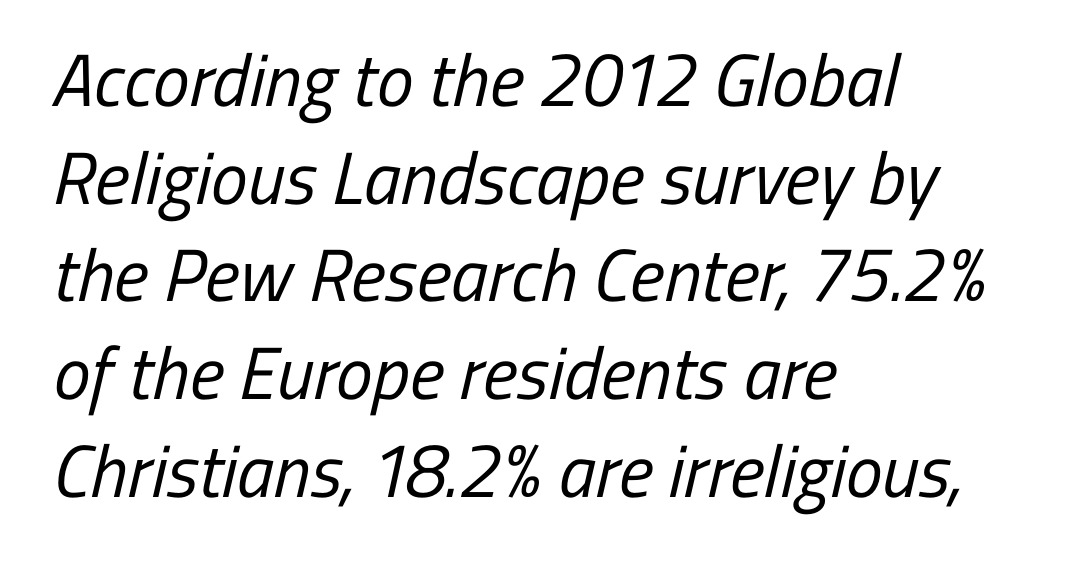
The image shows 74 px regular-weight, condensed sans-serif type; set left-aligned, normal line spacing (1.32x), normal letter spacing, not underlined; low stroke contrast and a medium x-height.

═══

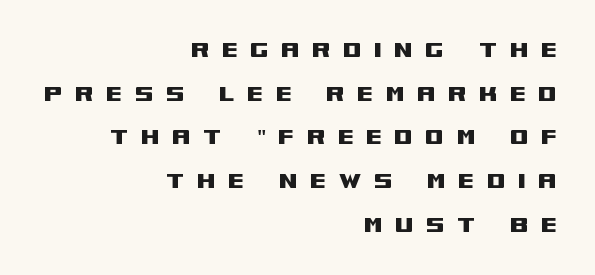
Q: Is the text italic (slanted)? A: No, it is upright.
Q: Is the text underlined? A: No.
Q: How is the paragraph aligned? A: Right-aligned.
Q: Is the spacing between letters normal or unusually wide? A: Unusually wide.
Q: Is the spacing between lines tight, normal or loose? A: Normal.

═══

Please copy the lines above from the line with "Q: Is the spacing between letters" up to and including the line with "Q: Is the spacing between lines", exactly as written and with nothing else.

Q: Is the spacing between letters normal or unusually wide? A: Unusually wide.
Q: Is the spacing between lines tight, normal or loose? A: Normal.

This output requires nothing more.